Hi Everyone, I've been lurking around here for a while and finally got the courage to post to the blog about my problem and hoping to get some kid of self-insight into what I'm going through just by writing this out.
I met my girlfriend a little over 8 months ago and we've been together since then. She's amazing, loving, funny, sexy, simple awesome and wholesome. I've never expected I'd meet someone that can make me happy as much as she does. She's also beautiful as you can tell by these photos.
With that said, I have to say that before her I've been only with two other girls. So I'm not exactly the ladies man or anything.

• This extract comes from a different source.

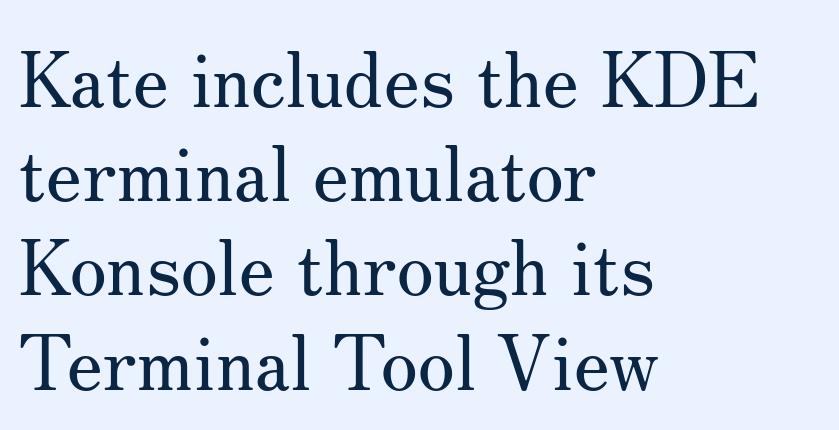
{"serif": "yes", "italic": "no", "bold": "no", "weight": "regular", "width": "normal", "stroke_contrast": "medium", "x_height": "small", "monospaced": "no", "underline": "no", "align": "left", "line_spacing_ratio": 1.24, "letter_spacing": "normal", "letter_spacing_em": 0.0, "glyph_px": 76}

I just consider myself your average nice guy that mostly has fallen into the friend zone for few times except those two past relationships and then came my wonderful gf! I'm 31 and my current gf is 27 by the way...
At the beginning of our relationship we were not committed, and by that I mean mostly she was not. I was pretty much hooked since our first date! She told me that she had a very bad breakup with her ex and that she wants to take things slow as her heart wasn't totally over it yet.
So she would go on dates sometimes, she'd tell me when she's out and of course it bothered me but at that time we were not serious so I tried to put it off my mind. I asked her not to tell me any details about her dates, just let me know when she's not available.
After a couple of months or so we got more serious, we really liked each other so much, spent more and more time together, and then she decided to be honest with me and told me that she feels bad for seeing other people but she's been with her ex for few years and that he introduced her to the swinging lifestyle and they've been doing this for over 2 years before they broke up. She said that it was mostly sexual for her as she's highly sexual and has always been adventurous and swinging allowed her to satisfy her sexual fantasies.
She mentioned that she had always been "weird" and that got her into a lot of situations where she was used by many of her ex's but as she grew up she managed to separate emotions from sexual desires but the older she got the kinkier she got and her last ex made her indulge into extreme sexual experiences like swinging, sex parties, even gangbangs! And she got addicted to the sex.
After they broke up, she just used adult dating sites to find hookups to get over him, she doesn't even remember all the guys she slept with but when she met me we instantly clicked and she allowed herself to fall in love again. But now she doesn't feel like I would be ok with her lifestyle so she told me that she's really cutting down on her sexual encounters but she's still not over this addiction yet and it's up to me if I'm not ok with that, but it'll break her heart but she'd understand my decision.....
I don't know what happened, but when she was telling me this I felt this deep pain in my stomach, I didn't know what to say or what to do, I like her, heck I even love her, I know she's emotionally faithful to me. But I know sooner or later she'd fuck some stranger or an ex hookup and I cannot tell her no...It was painful but for some reason we ended up fucking like there was no tomorrow. Between tears and moans we fucked this awkwardness off...
Later into he morning I told her I love her very much and yes it bothers me but if it's something she needs time to work on I'll be ok with that as long as she let's me know when she's seeing someone and that she'll always stay safe... I asked her not to tell me any details and to clean up if she's seeing me the same day.
We stayed like this for a couple of months before moving in together 3 months ago. Things have been going great so far, she's definitely not doing this as often as she used to now. But still happens from time to time.
Now the strange thing is I often find myself getting aroused terribly knowing she's going to fuck someone, sometimes I masturbate on it when she's away then I feel shitty afterwards, but as soon as she comes home we fuck like animals!
I am also ashamed to say that few times I found myself masturbating and licking her used underwear after she threw it in the laundry after a hot date... A couple of times they still had wet cum in them and it turned me on like I never felt before! It was insane!
I became more curious about her sex life, I do wanna ask her, I even fantasize about her getting fucked by others sometimes and I feel bad about it.
I love her so much and definitely don't wanna lose her. I know she loves me too, and I am afraid to ask her about it or tell her I wanna see it and I want her to do it more...It looks like it could end up bad for our relationship like what happened with her ex....
So Yeah! I have no clue how to deal with this. If you ever met her you'd she that she looks so innocent that you'd never think she's that sexual and I really wanna build a life with her because other than her sexual adventures, she's an amazing partner and I never connected with someone like I did with her.
Sorry for the long post but I just wanted to give you a full picture of the situation and thanks for reading, this does make me feel better.